### Assignment:
From the line that holds "Counting from image 1, 1.2 s later." to the end of the records, reproduce every line exactly. No pictures.

[Dataset records]
* * * * * * * * *

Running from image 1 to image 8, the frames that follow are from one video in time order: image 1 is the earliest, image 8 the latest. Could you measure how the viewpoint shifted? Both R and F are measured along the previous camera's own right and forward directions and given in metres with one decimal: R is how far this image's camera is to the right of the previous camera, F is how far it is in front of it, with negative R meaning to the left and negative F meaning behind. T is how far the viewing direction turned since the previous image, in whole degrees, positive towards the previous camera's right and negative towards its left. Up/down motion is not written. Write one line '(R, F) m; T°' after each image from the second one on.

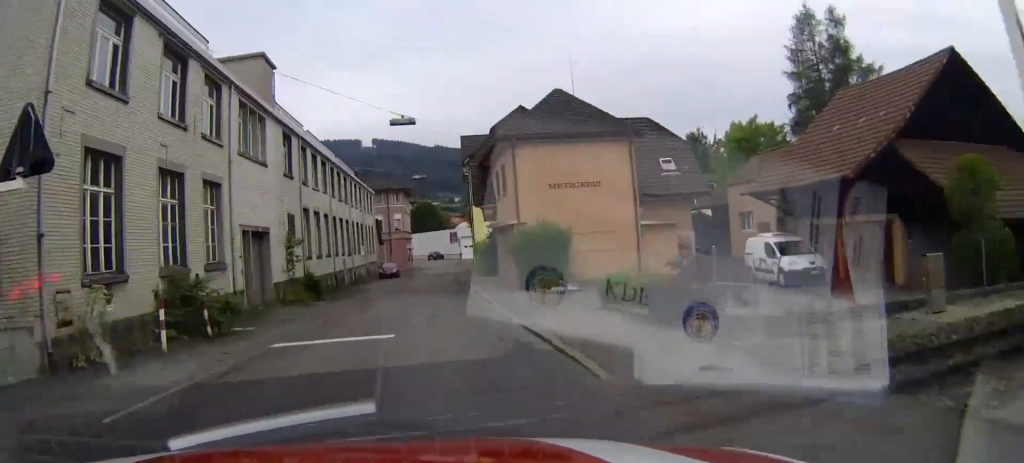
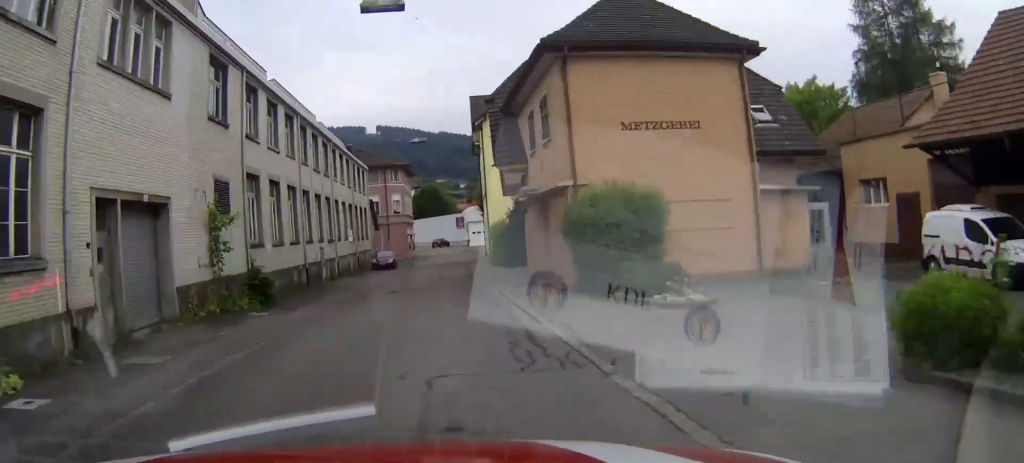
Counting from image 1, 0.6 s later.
(0.0, +11.0) m; 0°
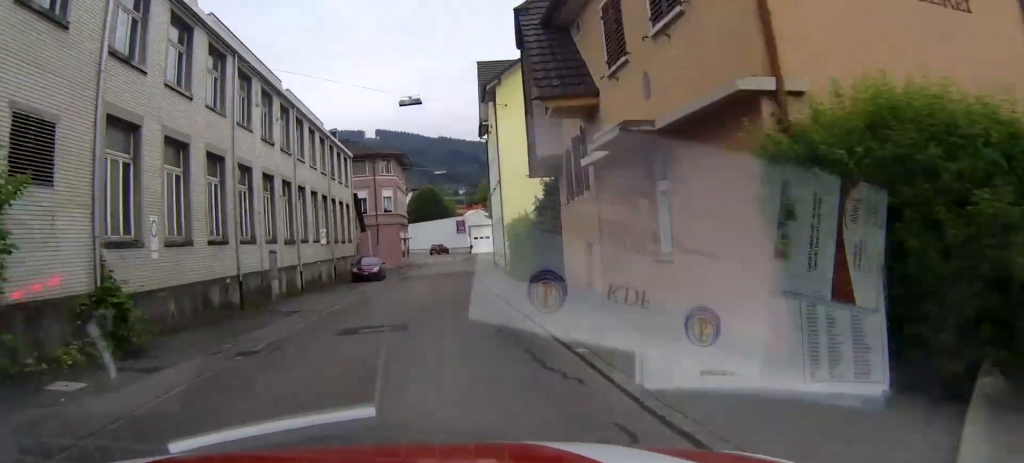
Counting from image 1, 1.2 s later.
(0.0, +10.8) m; 0°
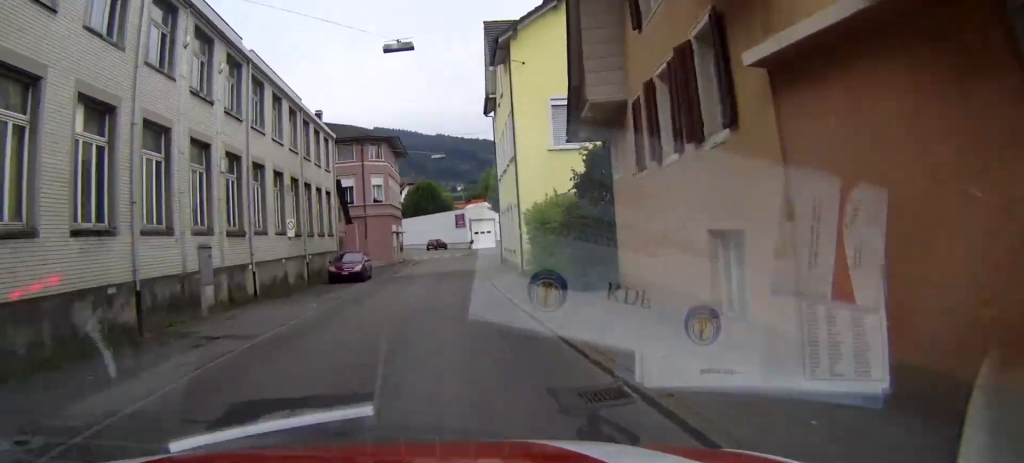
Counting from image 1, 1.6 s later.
(0.0, +7.7) m; 0°
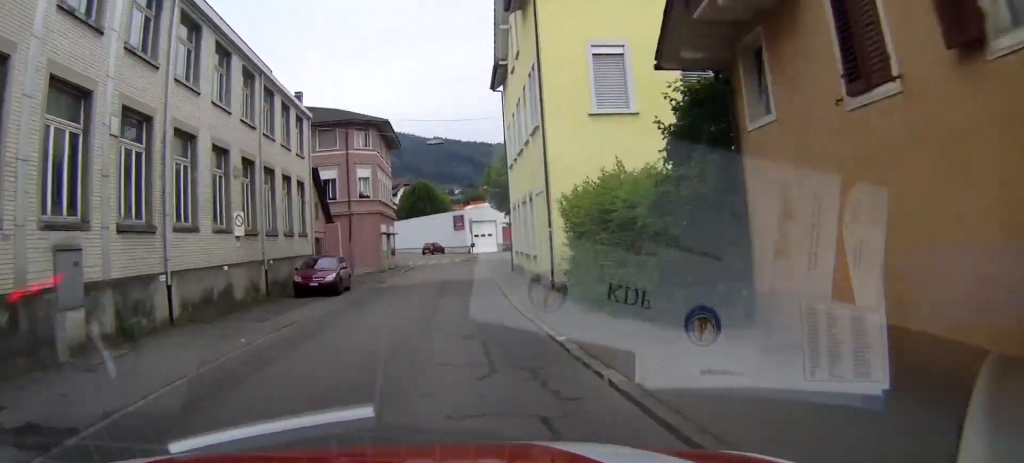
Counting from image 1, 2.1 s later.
(0.0, +7.3) m; 0°
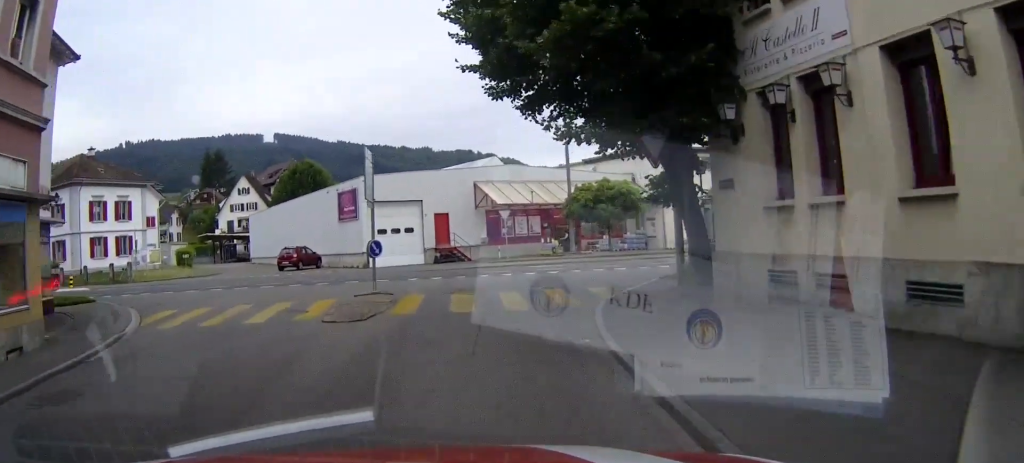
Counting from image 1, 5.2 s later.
(+0.9, +47.5) m; +3°
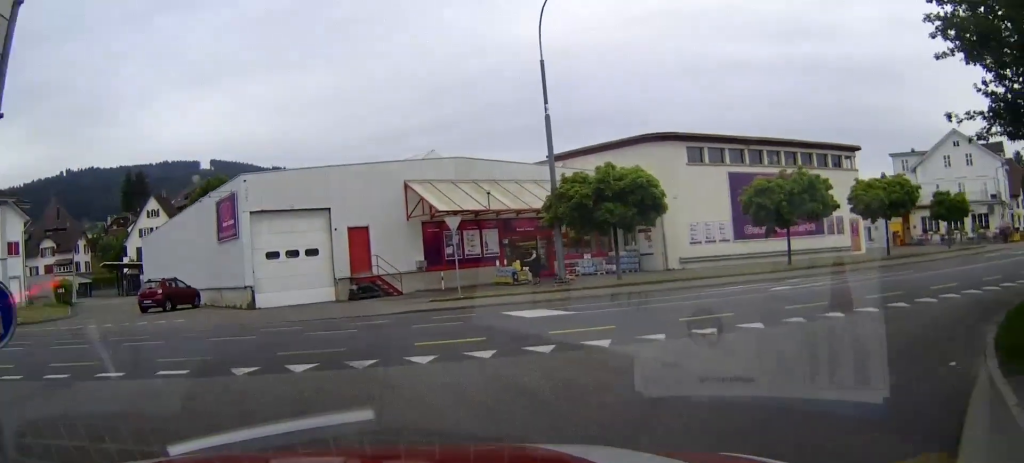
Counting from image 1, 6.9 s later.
(-0.4, +18.9) m; -10°
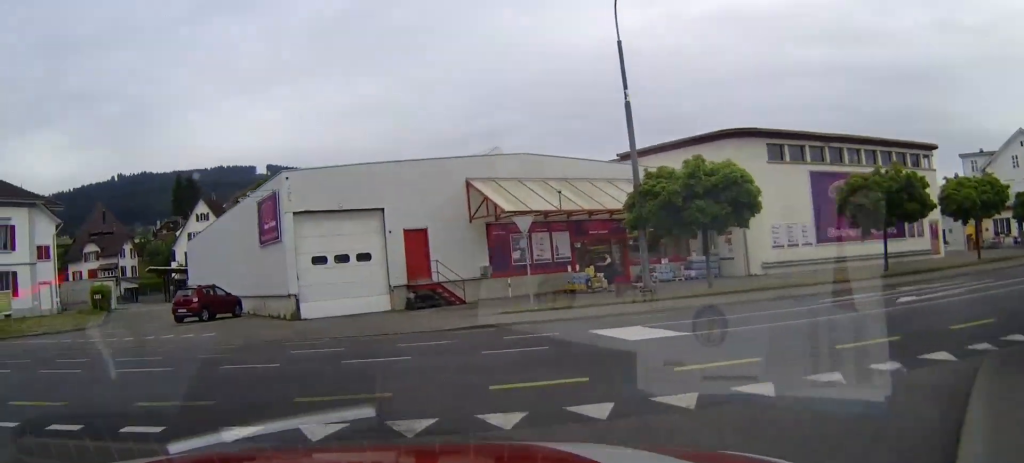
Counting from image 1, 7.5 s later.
(-0.7, +5.3) m; -6°

* * * * * * * * *

### Exercise response:
Counting from image 1, 1.2 s later.
(0.0, +10.8) m; 0°
Counting from image 1, 1.6 s later.
(0.0, +7.7) m; 0°
Counting from image 1, 2.1 s later.
(0.0, +7.3) m; 0°
Counting from image 1, 5.2 s later.
(+0.9, +47.5) m; +3°
Counting from image 1, 6.9 s later.
(-0.4, +18.9) m; -10°
Counting from image 1, 7.5 s later.
(-0.7, +5.3) m; -6°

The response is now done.